# Help! i ruined my touch screen mp5!



## noob2589 (Sep 19, 2009)

I was one day deciding to listen to music on my MP5 and the touchscreen was annoying me so i went to do the screen setup "rectification" and it wasnt working properly so i got angry and jabbed in the one spot and now it wont work at all! please help me, im very upset and angry at my self because its less than a week old and was a present from my mother!


----------



## Snoopdogie187 (Jun 27, 2002)

Hi, unfortantly, this won't be too easy I think. Do you see any visable damage where you jabbed it? If so, you would need to buy a new screen and replace it. You can also send it in to be fixed.
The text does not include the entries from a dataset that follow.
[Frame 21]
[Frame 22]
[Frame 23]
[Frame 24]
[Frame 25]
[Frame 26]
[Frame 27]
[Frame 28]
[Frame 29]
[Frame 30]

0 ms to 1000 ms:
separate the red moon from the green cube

The warranty won't cover this at all, unless there was accidental warranty. 

I would post the model it is, and brand and a picture of what ever damage was done, or describe it would be helpful. 
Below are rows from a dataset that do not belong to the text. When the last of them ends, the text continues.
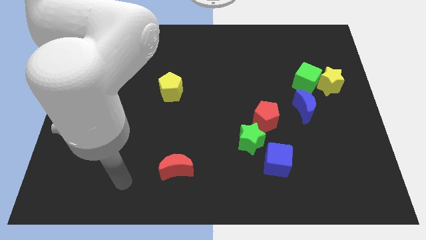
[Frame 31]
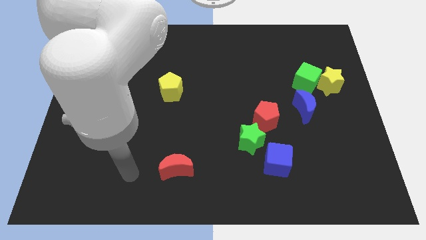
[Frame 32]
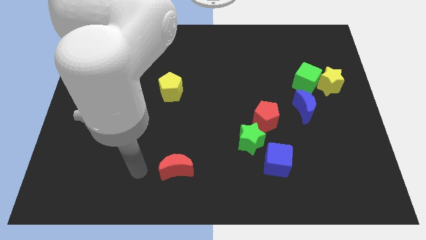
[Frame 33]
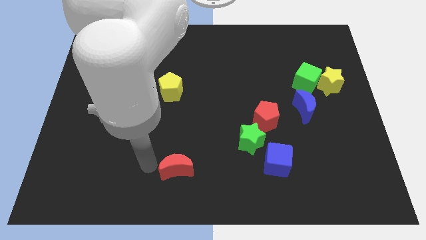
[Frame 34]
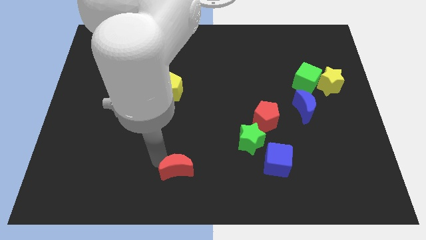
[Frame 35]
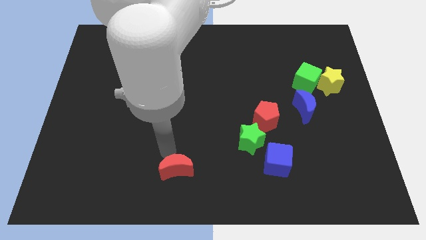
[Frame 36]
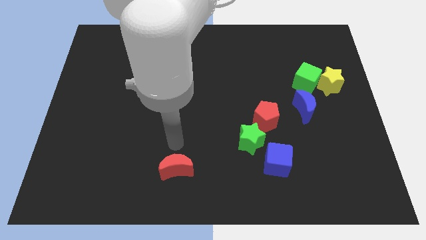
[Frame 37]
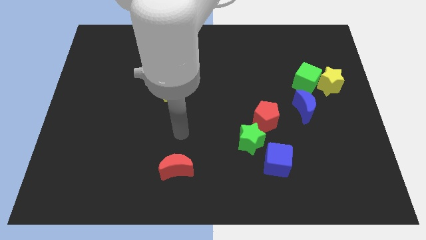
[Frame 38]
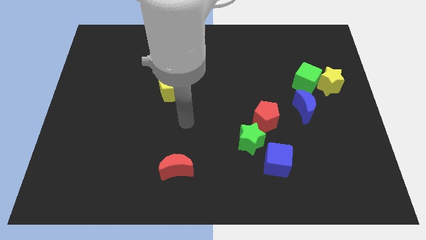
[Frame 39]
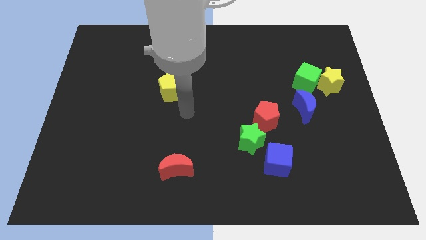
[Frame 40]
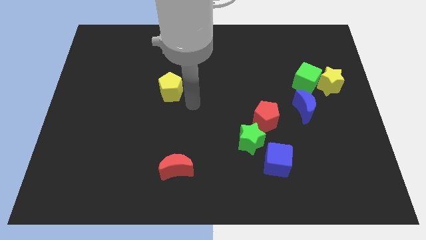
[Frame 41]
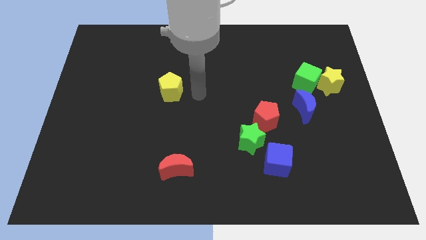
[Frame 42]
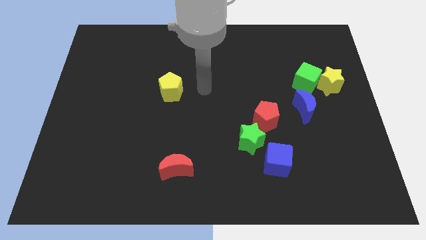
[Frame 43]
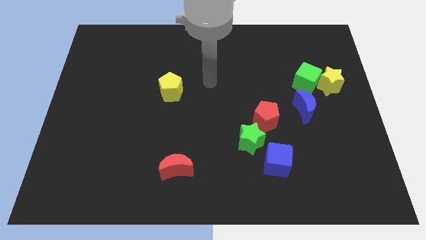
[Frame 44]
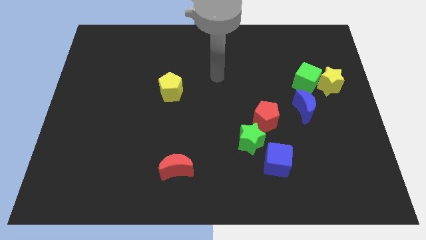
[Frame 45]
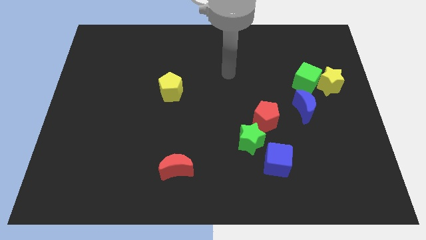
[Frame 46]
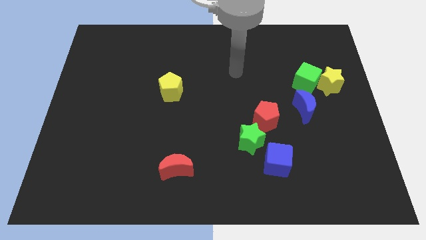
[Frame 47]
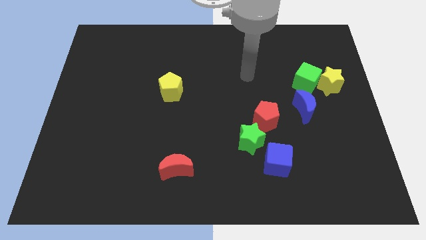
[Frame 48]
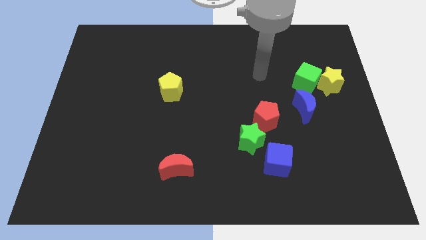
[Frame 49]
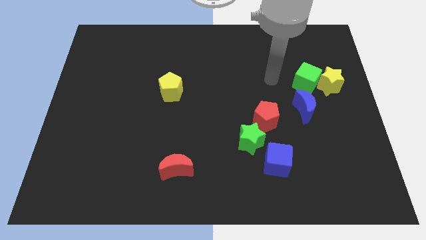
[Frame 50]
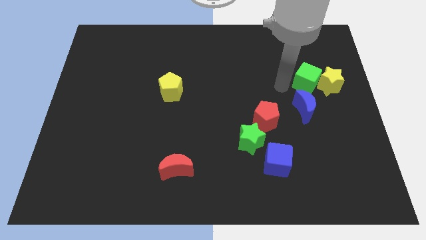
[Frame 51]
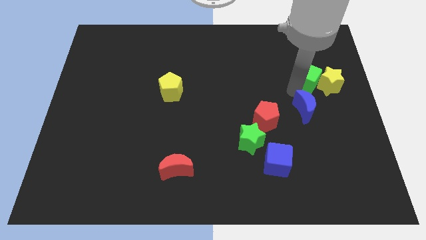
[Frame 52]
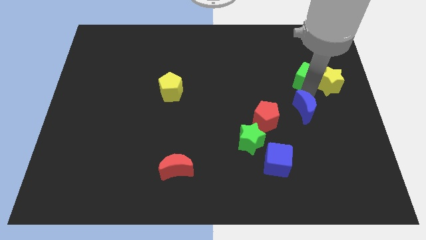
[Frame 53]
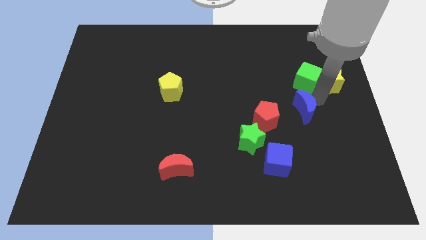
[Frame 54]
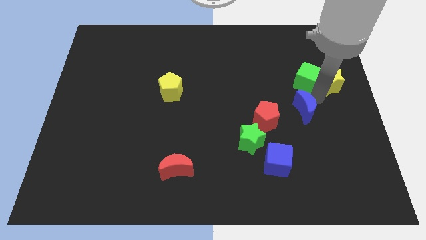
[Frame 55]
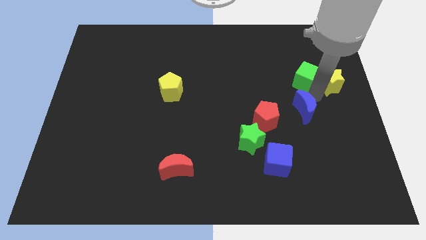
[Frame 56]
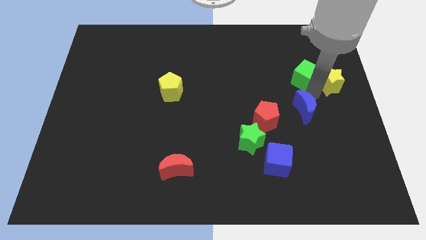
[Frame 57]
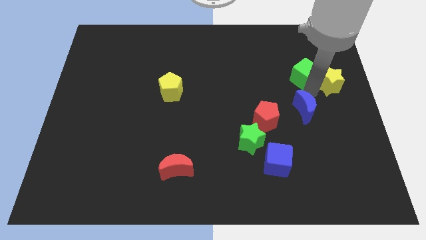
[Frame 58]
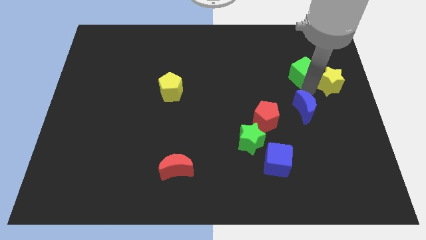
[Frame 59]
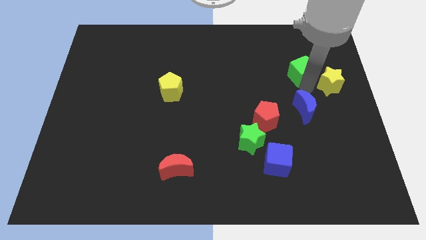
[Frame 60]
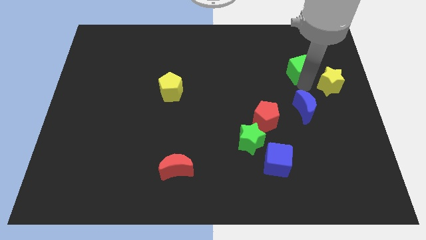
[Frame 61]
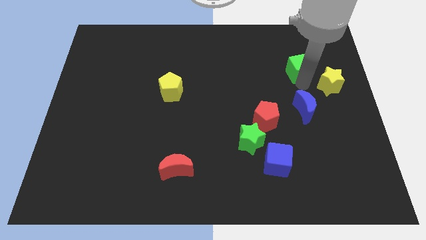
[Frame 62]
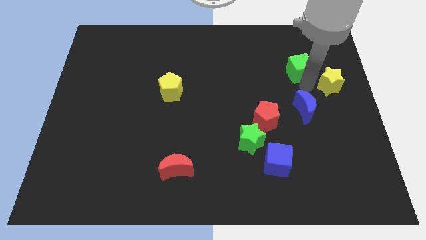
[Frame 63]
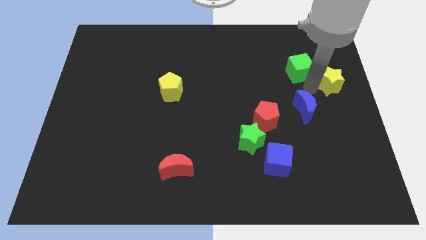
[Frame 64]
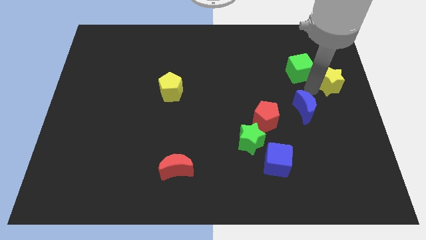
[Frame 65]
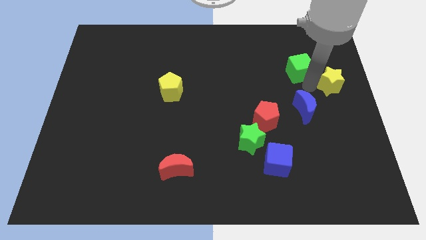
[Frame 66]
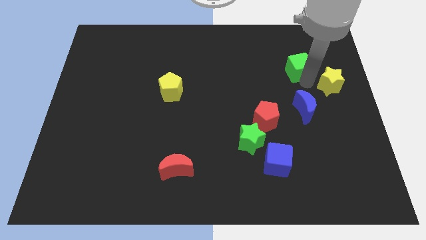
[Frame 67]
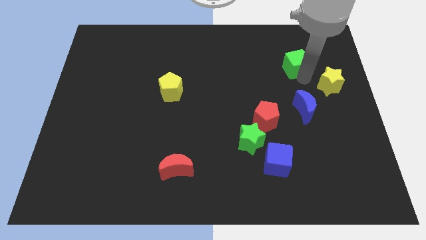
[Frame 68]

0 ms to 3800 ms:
move the green cube away from the yellow star and blue moon

I haven't delt with touchscreens too much but I do have an understanding of how they work, but being that I never delt with one, I won' be able to help as much.

Also, if it is a physical problem then: 
if you don't have tools/can't buy any, and/or are not mechincally inclinded, just send it in for repairs. Also, By fixing it yourself, you will void any warranty, etc. I'm not sure if the warranty is void already even if you send it in to an offical place to get fixed, it would be worth looking into that.


----------